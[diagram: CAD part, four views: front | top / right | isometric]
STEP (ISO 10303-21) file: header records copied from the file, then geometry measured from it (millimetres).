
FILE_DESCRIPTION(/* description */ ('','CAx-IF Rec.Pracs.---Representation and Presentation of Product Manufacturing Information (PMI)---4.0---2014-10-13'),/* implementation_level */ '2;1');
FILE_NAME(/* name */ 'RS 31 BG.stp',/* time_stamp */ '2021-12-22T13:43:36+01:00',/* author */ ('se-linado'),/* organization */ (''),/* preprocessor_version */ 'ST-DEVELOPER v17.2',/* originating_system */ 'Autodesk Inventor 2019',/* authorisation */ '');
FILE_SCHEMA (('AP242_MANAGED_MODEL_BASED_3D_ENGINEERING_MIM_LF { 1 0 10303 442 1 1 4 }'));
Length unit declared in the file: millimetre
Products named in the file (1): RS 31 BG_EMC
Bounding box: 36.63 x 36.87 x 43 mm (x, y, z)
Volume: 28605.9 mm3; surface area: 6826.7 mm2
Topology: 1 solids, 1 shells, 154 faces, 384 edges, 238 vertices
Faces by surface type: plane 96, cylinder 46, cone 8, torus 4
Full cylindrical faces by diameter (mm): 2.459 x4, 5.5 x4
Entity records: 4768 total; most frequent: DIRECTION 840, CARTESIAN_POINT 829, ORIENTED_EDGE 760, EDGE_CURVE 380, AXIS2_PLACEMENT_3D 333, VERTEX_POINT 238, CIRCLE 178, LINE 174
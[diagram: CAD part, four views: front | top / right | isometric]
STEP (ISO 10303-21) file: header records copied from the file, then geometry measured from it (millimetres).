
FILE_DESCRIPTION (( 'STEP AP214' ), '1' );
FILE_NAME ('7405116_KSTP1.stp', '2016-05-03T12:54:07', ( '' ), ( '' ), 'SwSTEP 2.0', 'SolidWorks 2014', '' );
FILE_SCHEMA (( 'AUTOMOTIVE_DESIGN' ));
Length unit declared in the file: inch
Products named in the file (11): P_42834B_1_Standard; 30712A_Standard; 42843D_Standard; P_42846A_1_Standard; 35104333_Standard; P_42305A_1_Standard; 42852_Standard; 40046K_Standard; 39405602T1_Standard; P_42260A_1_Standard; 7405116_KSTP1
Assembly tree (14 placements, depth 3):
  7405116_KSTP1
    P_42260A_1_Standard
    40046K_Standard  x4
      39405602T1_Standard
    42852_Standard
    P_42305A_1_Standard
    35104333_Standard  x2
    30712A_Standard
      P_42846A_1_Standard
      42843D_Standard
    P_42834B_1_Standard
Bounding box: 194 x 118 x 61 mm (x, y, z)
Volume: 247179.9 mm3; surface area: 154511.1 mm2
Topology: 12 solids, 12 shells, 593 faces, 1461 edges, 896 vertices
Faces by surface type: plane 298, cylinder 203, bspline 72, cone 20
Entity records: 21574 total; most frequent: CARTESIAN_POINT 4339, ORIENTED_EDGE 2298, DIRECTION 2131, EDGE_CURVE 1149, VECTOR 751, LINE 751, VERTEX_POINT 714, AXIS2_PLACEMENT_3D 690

══════════════════════════════

## WHAT YOU WILL DO:
Nothing in the records may change; output all of them exactly.

## OUTPUT BELOW:
[diagram: CAD part, four views: front | top / right | isometric]
STEP (ISO 10303-21) file: header records copied from the file, then geometry measured from it (millimetres).
FILE_DESCRIPTION(/* description */ ('','CAx-IF Rec.Pracs.---Representation and Presentation of Product Manufacturing Information (PMI)---4.0---2014-10-13'),/* implementation_level */ '2;1');
FILE_NAME(/* name */ 'RS 31 BG.stp',/* time_stamp */ '2021-12-22T13:43:36+01:00',/* author */ ('se-linado'),/* organization */ (''),/* preprocessor_version */ 'ST-DEVELOPER v17.2',/* originating_system */ 'Autodesk Inventor 2019',/* authorisation */ '');
FILE_SCHEMA (('AP242_MANAGED_MODEL_BASED_3D_ENGINEERING_MIM_LF { 1 0 10303 442 1 1 4 }'));
Length unit declared in the file: millimetre
Products named in the file (1): RS 31 BG_EMC
Bounding box: 36.63 x 36.87 x 43 mm (x, y, z)
Volume: 28605.9 mm3; surface area: 6826.7 mm2
Topology: 1 solids, 1 shells, 154 faces, 384 edges, 238 vertices
Faces by surface type: plane 96, cylinder 46, cone 8, torus 4
Full cylindrical faces by diameter (mm): 2.459 x4, 5.5 x4
Entity records: 4768 total; most frequent: DIRECTION 840, CARTESIAN_POINT 829, ORIENTED_EDGE 760, EDGE_CURVE 380, AXIS2_PLACEMENT_3D 333, VERTEX_POINT 238, CIRCLE 178, LINE 174
[diagram: CAD part, four views: front | top / right | isometric]
STEP (ISO 10303-21) file: header records copied from the file, then geometry measured from it (millimetres).
FILE_DESCRIPTION (( 'STEP AP214' ), '1' );
FILE_NAME ('7405116_KSTP1.stp', '2016-05-03T12:54:07', ( '' ), ( '' ), 'SwSTEP 2.0', 'SolidWorks 2014', '' );
FILE_SCHEMA (( 'AUTOMOTIVE_DESIGN' ));
Length unit declared in the file: inch
Products named in the file (11): P_42834B_1_Standard; 30712A_Standard; 42843D_Standard; P_42846A_1_Standard; 35104333_Standard; P_42305A_1_Standard; 42852_Standard; 40046K_Standard; 39405602T1_Standard; P_42260A_1_Standard; 7405116_KSTP1
Assembly tree (14 placements, depth 3):
  7405116_KSTP1
    P_42260A_1_Standard
    40046K_Standard  x4
      39405602T1_Standard
    42852_Standard
    P_42305A_1_Standard
    35104333_Standard  x2
    30712A_Standard
      P_42846A_1_Standard
      42843D_Standard
    P_42834B_1_Standard
Bounding box: 194 x 118 x 61 mm (x, y, z)
Volume: 247179.9 mm3; surface area: 154511.1 mm2
Topology: 12 solids, 12 shells, 593 faces, 1461 edges, 896 vertices
Faces by surface type: plane 298, cylinder 203, bspline 72, cone 20
Entity records: 21574 total; most frequent: CARTESIAN_POINT 4339, ORIENTED_EDGE 2298, DIRECTION 2131, EDGE_CURVE 1149, VECTOR 751, LINE 751, VERTEX_POINT 714, AXIS2_PLACEMENT_3D 690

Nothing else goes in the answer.